Rubare l’anima ai fiori di Michele Criscuoli. Recensione e intervista all’autore

Dopo una lunga attività di opinionista, autore di pregevoli editoriali di carattere politico sulla stampa locale e saggista, in cui ha propugnato sempre l’ideale del Bene Comune, Michele Criscuoli, approda al romanzo. Irpino, avvocato, giornalista pubblicista, già Tenente Colonnello dell’Aeronautica Militare, nonché attivista in circoli cattolici, presenta nel suo romanzo d’esordio Rubare l’anima ai fiori (LFA Edizioni, 2022) una storia che ha a che fare con la nostra storia nazionale.

Il romanzo narra la saga della famiglia Capone, condensando in 223 pagine una storia ricca e avvincente in cui la comprovata esperienza linguistica e di vita dell’autore si traducono in ore di gustosa lettura. A questo si aggiunge che la profondità dei temi trattati suggerisce alcune riflessioni sul senso delle scelte e sul fine stesso della vita.

Le storie di Salvatore e del figlio Giuseppe, narrate in parallelo, senza che ciò disturbi la lettura, seguono il percorso di crescita dei due protagonisti, incastonato in un periodo storico particolare.
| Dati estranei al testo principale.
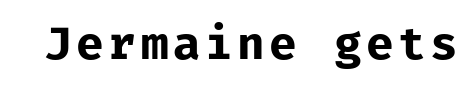
Q: Is the text bold? A: Yes.
Q: Is the text italic (slanted)? A: No, it is upright.
Q: Is the typeface a serif or a sans-serif typeface? A: Sans-serif.
Q: Is the text underlined? A: No.
Q: Width (condensed, normal, or wide)? A: Normal.
Q: Stroke contrast? A: Low.
Q: x-height? A: Medium.
Q: Monospaced? A: Yes.
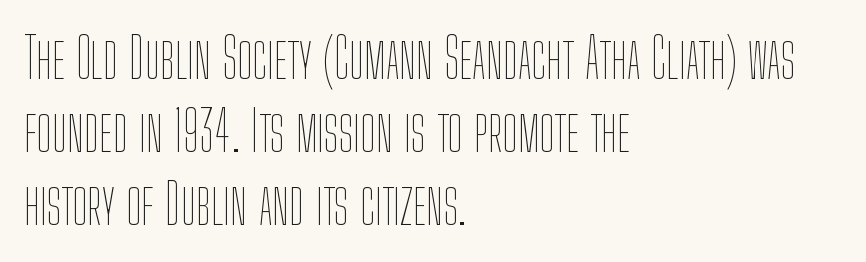
The image shows 55 px thin, condensed type, upright; set left-aligned, normal line spacing (1.33x), normal letter spacing, not underlined; low stroke contrast and a medium x-height.
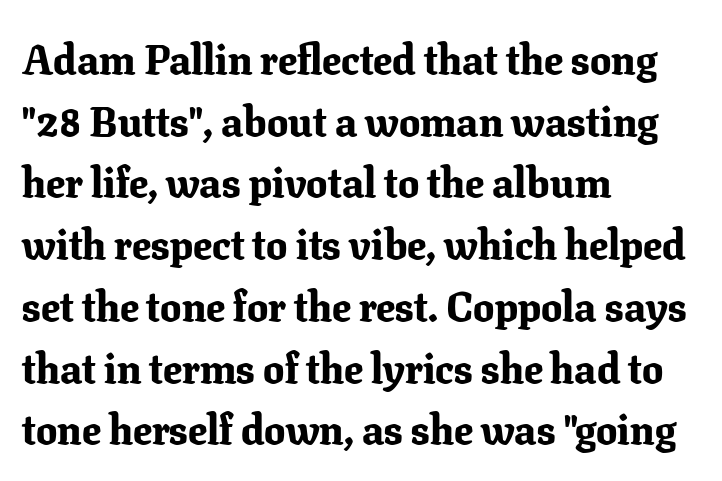
Q: Is the text bold? A: Yes.
Q: Is the text italic (slanted)? A: No, it is upright.
Q: Is the typeface a serif or a sans-serif typeface? A: Serif.
Q: Is the text underlined? A: No.
Q: How is the paragraph aligned? A: Left-aligned.
Q: Is the spacing between letters normal or unusually wide? A: Normal.
Q: Is the spacing between lines tight, normal or loose? A: Normal.
Q: Width (condensed, normal, or wide)? A: Normal.
Q: Stroke contrast? A: Low.
Q: x-height? A: Medium.
Q: Monospaced? A: No.
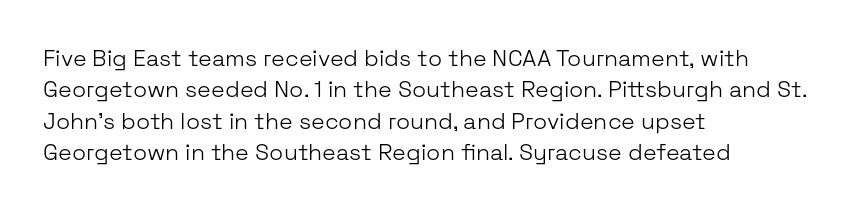
The image shows 23 px text type, upright; set left-aligned, normal line spacing (1.36x), normal letter spacing, not underlined.
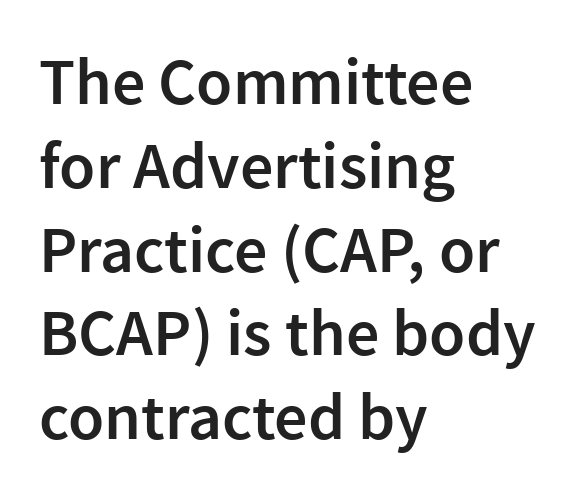
Q: Is the text bold? A: Semi-bold.
Q: Is the text italic (slanted)? A: No, it is upright.
Q: Is the typeface a serif or a sans-serif typeface? A: Sans-serif.
Q: Is the text underlined? A: No.
Q: How is the paragraph aligned? A: Left-aligned.
Q: Is the spacing between letters normal or unusually wide? A: Normal.
Q: Is the spacing between lines tight, normal or loose? A: Normal.
Q: Width (condensed, normal, or wide)? A: Normal.
Q: x-height? A: Medium.
Q: Monospaced? A: No.
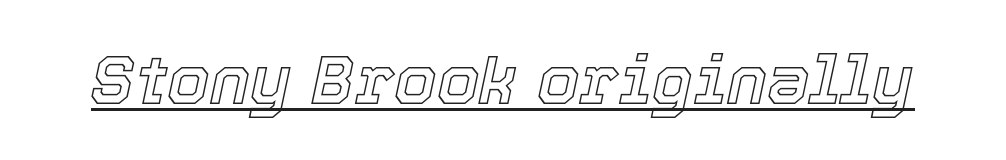
Underlined type. Varying glyph widths throughout — classic text-font behaviour. Observe the ordinary spacing: letters are neighbours, not strangers. The rendering applies a slant to the glyphs.
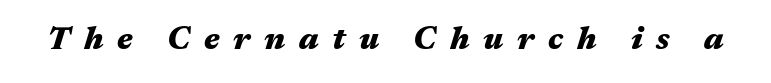
Decoration check: the copy has no underline. The rendering uses natural spacing where letterforms have individual widths. When letters slant like this, we call the style italic. The letters are bold, with thick, heavy strokes. The gaps between neighbouring characters are conspicuously large.
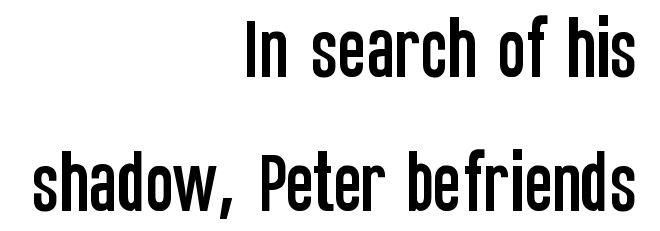
The image shows 67 px condensed sans-serif type, upright; set right-aligned, loose line spacing (2.0x), normal letter spacing, not underlined; low stroke contrast and a large x-height.
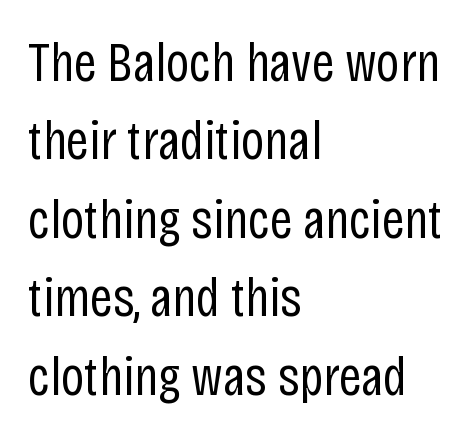
The weight would be labelled regular, book, light, or lighter still. Glyph-to-glyph distance matches everyday printed text. Font category for this specimen: sans-serif. The letters stand upright; this is a roman face. Quick note: interline space is typical. These lines are rendered in a variable-pitch font.
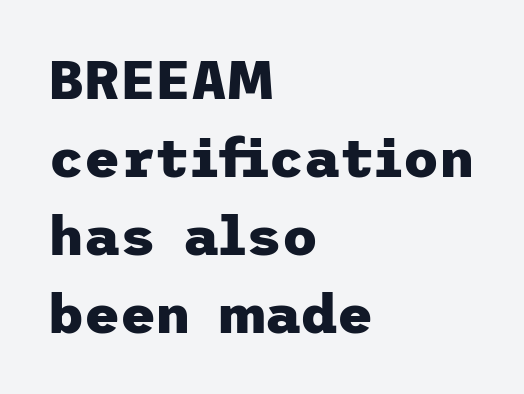
The image shows 55 px heavy sans-serif type, upright; set left-aligned, normal line spacing (1.42x), normal letter spacing, not underlined; low stroke contrast and a medium x-height.
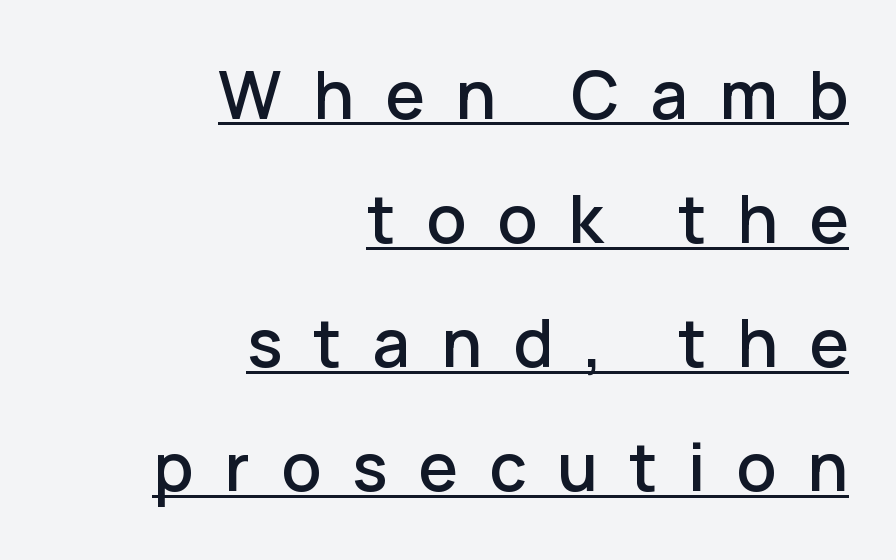
The image shows 66 px sans-serif type, upright; set right-aligned, line spacing 1.88x, unusually wide letter spacing (+0.47 em), underlined; low stroke contrast and a medium x-height.
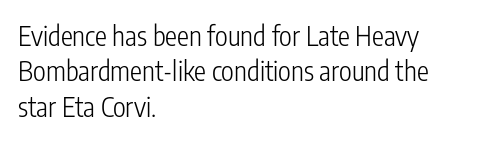
The image shows 27 px text type, upright; set left-aligned, normal line spacing (1.31x), normal letter spacing, not underlined.
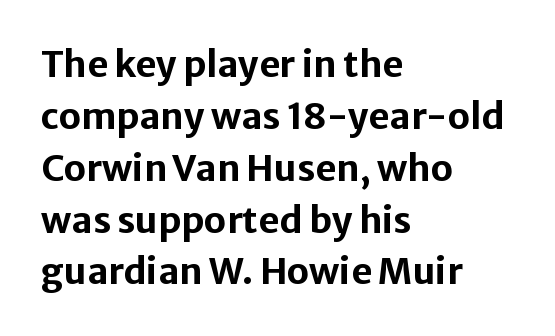
Q: Is the text bold? A: Yes.
Q: Is the text italic (slanted)? A: No, it is upright.
Q: Is the typeface a serif or a sans-serif typeface? A: Sans-serif.
Q: Is the text underlined? A: No.
Q: How is the paragraph aligned? A: Left-aligned.
Q: Is the spacing between letters normal or unusually wide? A: Normal.
Q: Is the spacing between lines tight, normal or loose? A: Normal.
Q: Width (condensed, normal, or wide)? A: Normal.
Q: Stroke contrast? A: Low.
Q: x-height? A: Medium.
Q: Monospaced? A: No.
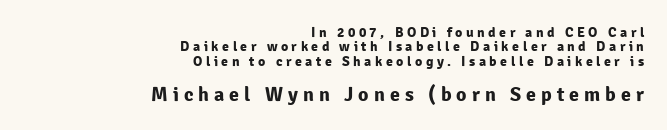
The image shows 20 px bold type, upright; set right-aligned, tight line spacing (1.02x), unusually wide letter spacing (+0.25 em), not underlined; the second (bottom) block is 1.43x larger.
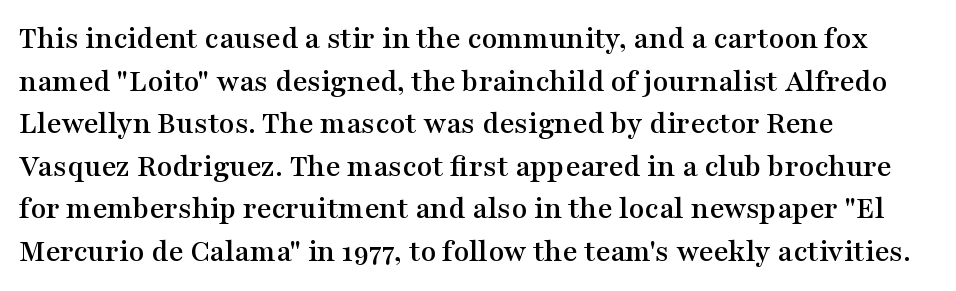
The image shows 32 px wide serif type, upright; set left-aligned, normal line spacing (1.33x), normal letter spacing, not underlined; medium stroke contrast and a medium x-height.
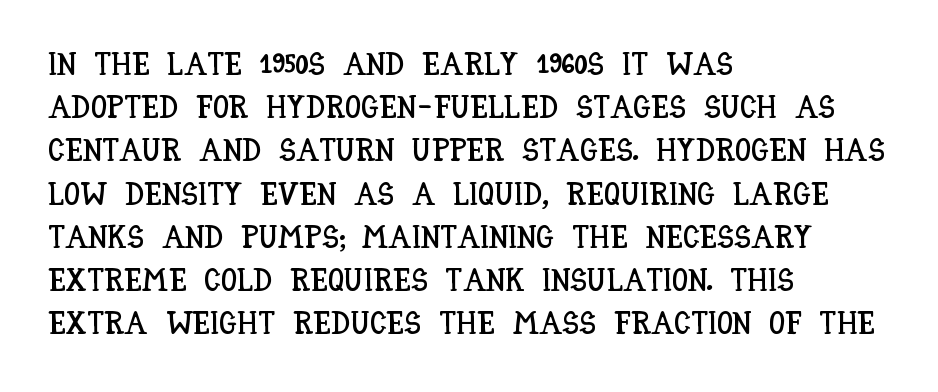
{"italic": "no", "width": "condensed", "stroke_contrast": "low", "x_height": "large", "monospaced": "no", "underline": "no", "align": "left", "line_spacing": "normal", "line_spacing_ratio": 1.35, "letter_spacing": "normal", "letter_spacing_em": 0.0, "glyph_px": 32}
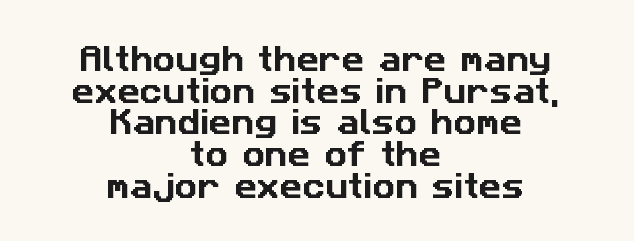
Q: Is the typeface a serif or a sans-serif typeface? A: Sans-serif.
Q: Is the text underlined? A: No.
Q: How is the paragraph aligned? A: Centered.
Q: Is the spacing between letters normal or unusually wide? A: Normal.
Q: Is the spacing between lines tight, normal or loose? A: Tight.
Q: Width (condensed, normal, or wide)? A: Normal.
Q: Stroke contrast? A: Low.
Q: x-height? A: Medium.
Q: Monospaced? A: No.
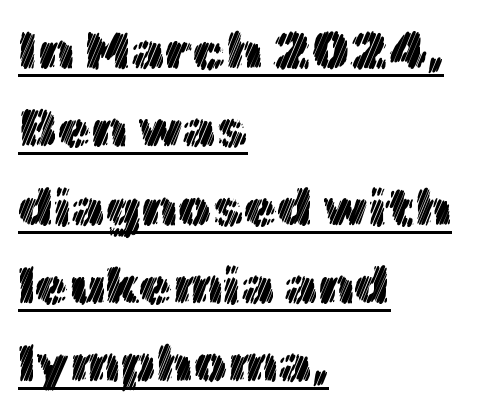
Q: Is the text italic (slanted)? A: No, it is upright.
Q: Is the text underlined? A: Yes.
Q: How is the paragraph aligned? A: Left-aligned.
Q: Is the spacing between letters normal or unusually wide? A: Normal.
Q: Is the spacing between lines tight, normal or loose? A: Normal.
Q: Width (condensed, normal, or wide)? A: Normal.
Q: x-height? A: Medium.
Q: Monospaced? A: No.

Attraverso il secondo conflitto mondiale, la lotta dei lavoratori e delle lavoratrici e il movimento culturale del ’68, l’intero romanzo condensa uno spaccato importante del “secolo breve”. Così tra coscienza di classe e privilegi riservati ai padroni, nascono gli amori infantili di Salvatore e di Giuseppe e man mano anche le passioni travolgenti, che durano per una notte o per sempre.

I valori, la dignità e i diritti dei più poveri, di beni e di vita, restano al centro delle due storie, che dialogano tra loro; i sentimenti sono trattati con pudore, conservati o meditati nel cuore, ma forse per questo più veri e vissuti con maggiore intensità dagli attori che l’autore mette in scena.

Le pagine di Rubare l’anima ai fiori trasudano di speranza nel futuro e di fiducia nelle infinite possibilità dell’uomo su questa terra. Ed è per questo che ne consiglio la lettura.

Per conoscere meglio l’autore e cosa ha mosso la stesura di questo romanzo, ho voluto fargli alcune domande.

Dalla carriera in Aeronautica Militare al romanzo. Michele Criscuoli si racconta

Chi è Michele Criscuoli, al di là della nota biografica che leggiamo in terza di copertina?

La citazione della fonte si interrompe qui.